Repeat the procedure demonstrated in Figures 1-3. Alternating to a smaller spatula or hand spatula during the second coat may add more encaustic depth to the finish, however, for this application, two, thin base coats are applied without pattern. While adding the second and third coats, it is important to work with a clean trowel. Having a bucket of warm water nearby may lessen the chances of creating unwanted scratches in the surface.


Fig 7. (Tip)
After the second coat, allow 1-2 hours for the surface to dry. Once dry, a light sanding with 600 grade sandpaper in a circular motion may be a good idea, however not necessary on all occasions.
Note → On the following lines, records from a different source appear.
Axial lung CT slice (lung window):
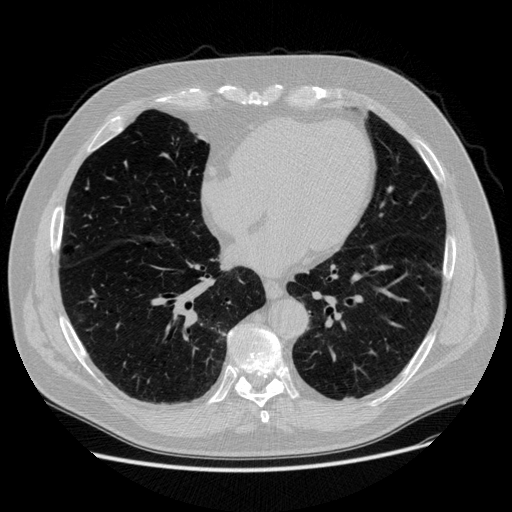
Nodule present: no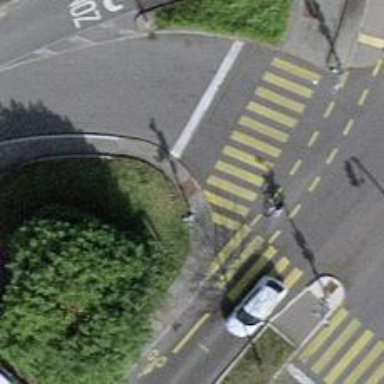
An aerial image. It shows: Asphalt sidewalk along the footway.
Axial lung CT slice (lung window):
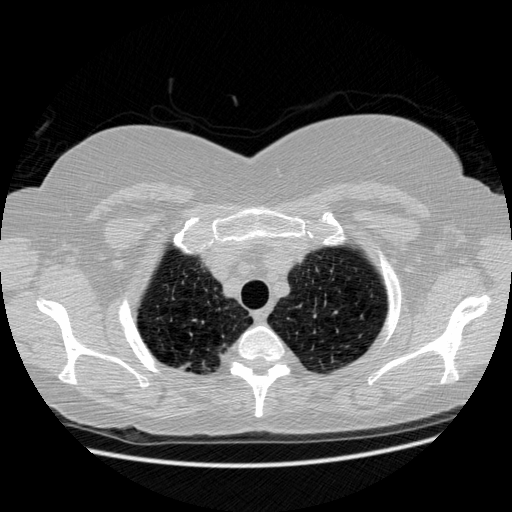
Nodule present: no

Before applying the finishing coat, scrape the surface again as shown in figure 5.


Fig 8. (Tip)
The final coat is often applied with a 8-12 cm spatula or small trowel, depending on the desired final effect. Typically, busy patterns are created with smaller tools, while larger and less encaustic patterns are created with trowels and larger plastering knives. Begin to work 3-4 square foot segments of the surface, connecting each subsequent patch moving from either the top left or bottom left of the wall, moving clockwise, or visa versa.


Fig 9. (Option)
To create your encaustic patterns, use a stainless steel tool and move about in cross-hatching or figure 8 patterns, gently applying product, then quickly removing it. Similar to the movements of traditional patching or taping, the final effects of Traditional Stucco Veneziano are random yet uniform in size. Skip troweling by keeping the trowel or spatula at a 10° angle and lightly feathering the stucco onto the surface is easy to achieve during this phase.


Fig 10. (Option)
For larger encaustic patterns, a stainless steel float or rounded plastering trowel should be used. Using a thorough and consistent method of application, spread a thin and final layer using an 's' motion, a cross-hatch, or skip trowel movement.


Fig 11. (Option)
Once the wall is completely dried, use a 600 grit sandpaper to lightly sand the surface. Sanding in a circular motion blends the layers of Stucco and brings the underlying layers to the surface.


Fig 12. (Option)
Once lightly sanded, you may wipe down the surface with a cotton or cheese cloth rag. At this point, a fair level of sheen may already appear.


Fig 13. (Option)
Using a stainless steel blade, begin to polish the surface using a downward or horizontal movement. Keeping the trowel at a low angle will prevent surface scratching. If waxing the final surface, added sheen can be achieved without burnishing.


Fig 14. (Tip)
Remember to make sure the surface is completely dry before polishing. Burnishing with a clean and dry tool is also important. Using a steady and consistent force while burnishing will help to create a homogenous finish.


Fig 15. (Option)
A final coat of Wax for Plaster may be applied for added gloss and protection. If applying Wax for Plaster, allow 1-2 weeks for the product to settle before applying it. Not waiting may cause unwanted streaking on the final surface. Waxing is not necessary for creating polished Venetian Plasters, however, recommended in areas exposed to continuous moisture.